About this exercise> Transcribe the records exactly. Pictures do not belong in the transcription.

Source material>

===

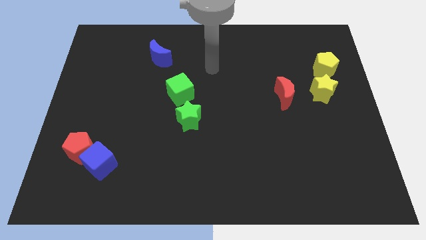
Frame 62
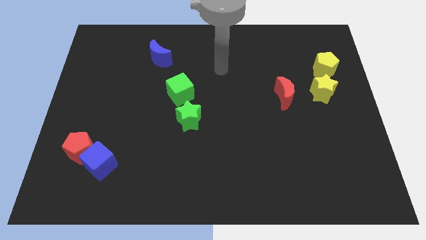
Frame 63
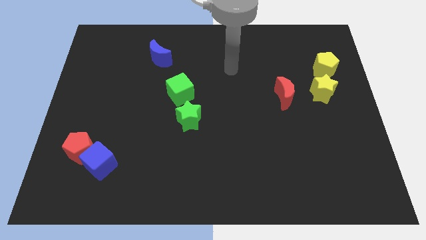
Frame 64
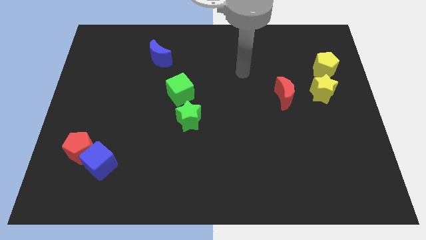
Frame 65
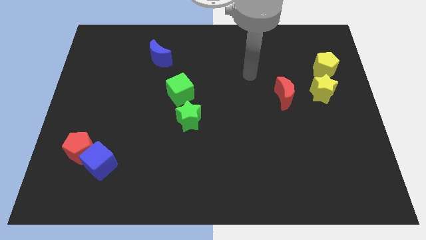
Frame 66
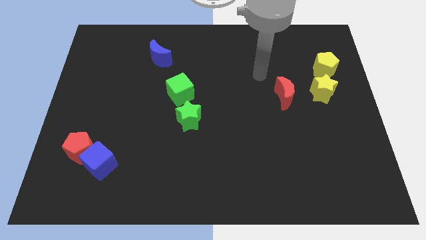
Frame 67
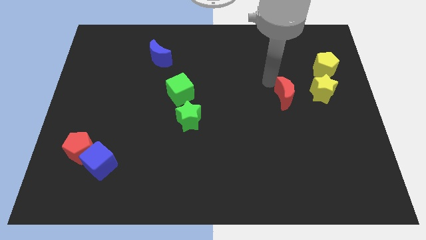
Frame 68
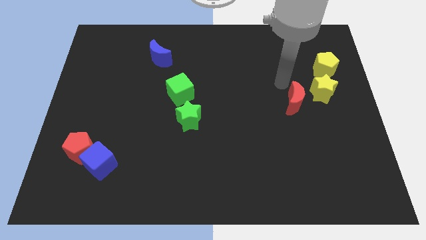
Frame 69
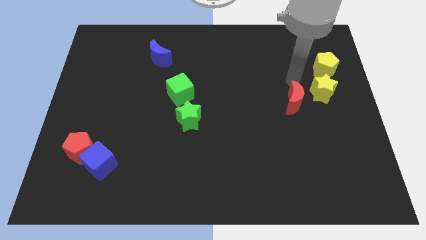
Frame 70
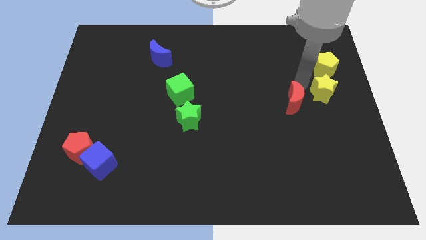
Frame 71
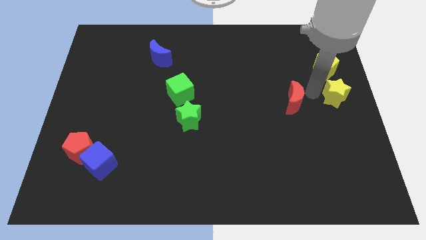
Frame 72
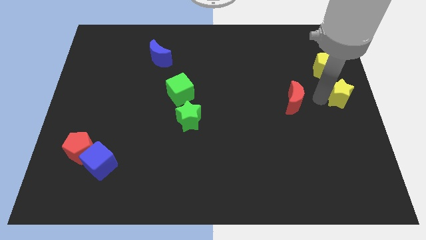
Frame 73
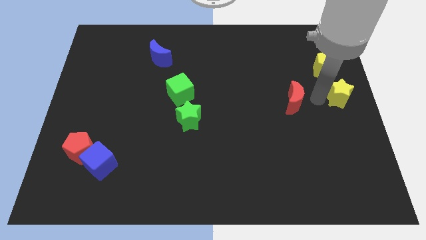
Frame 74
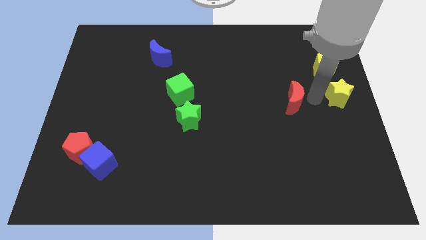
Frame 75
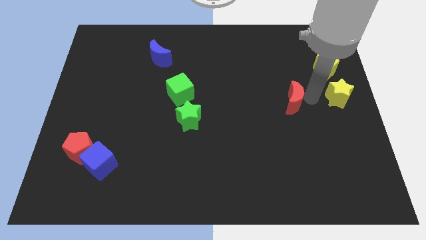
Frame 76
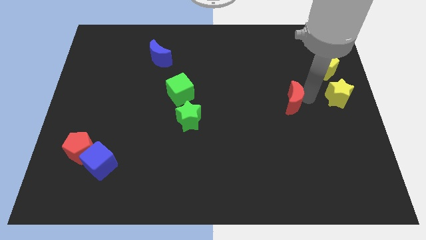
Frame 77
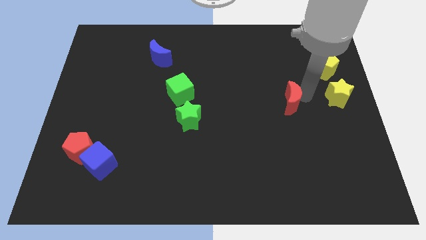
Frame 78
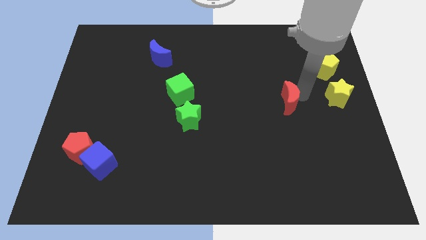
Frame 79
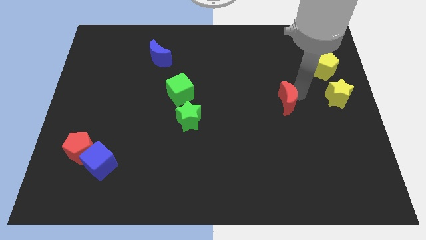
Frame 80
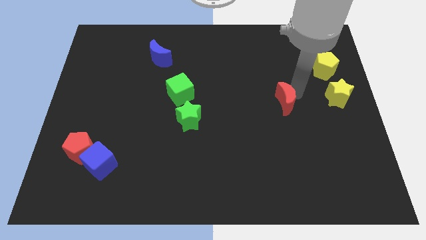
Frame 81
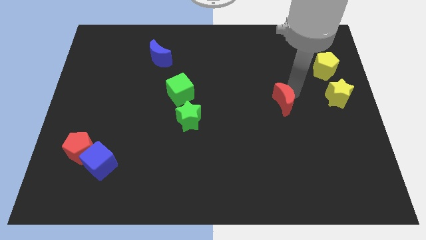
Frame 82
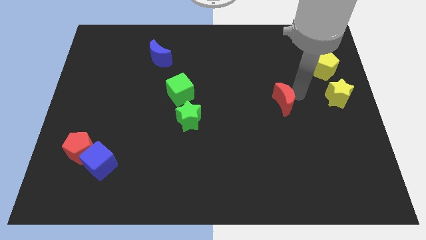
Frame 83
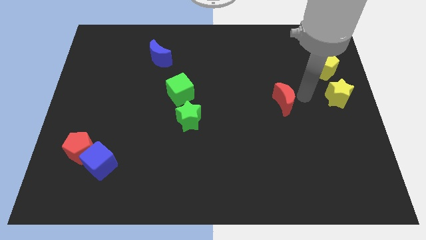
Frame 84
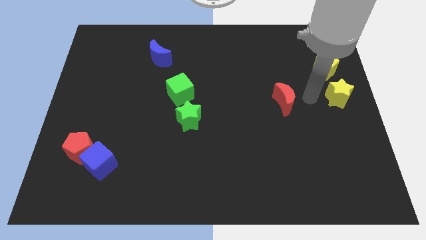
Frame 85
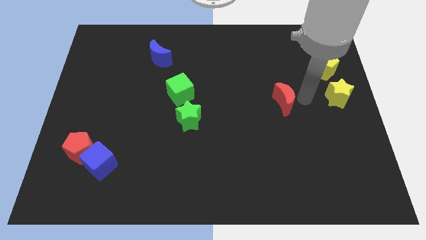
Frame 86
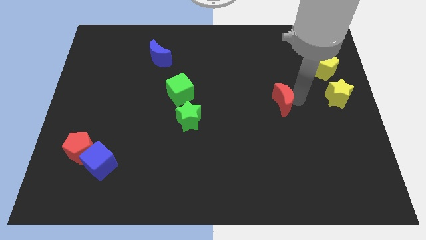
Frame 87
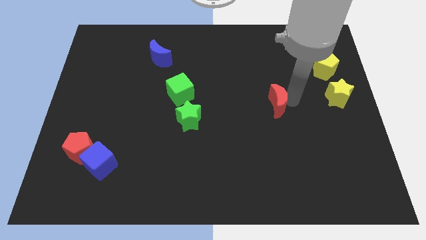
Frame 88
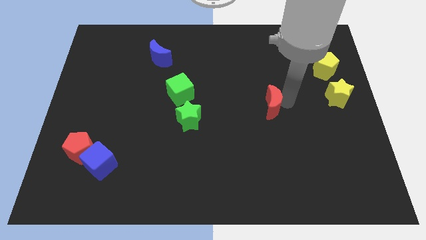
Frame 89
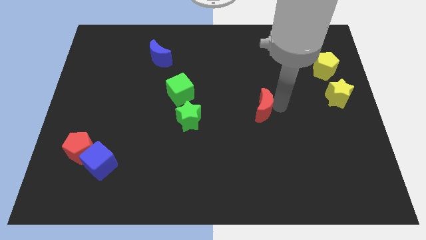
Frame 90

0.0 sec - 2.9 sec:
slide the red moon to the center of the board

===

Expected answer>
Frame 62
Frame 63
Frame 64
Frame 65
Frame 66
Frame 67
Frame 68
Frame 69
Frame 70
Frame 71
Frame 72
Frame 73
Frame 74
Frame 75
Frame 76
Frame 77
Frame 78
Frame 79
Frame 80
Frame 81
Frame 82
Frame 83
Frame 84
Frame 85
Frame 86
Frame 87
Frame 88
Frame 89
Frame 90

0.0 sec - 2.9 sec:
slide the red moon to the center of the board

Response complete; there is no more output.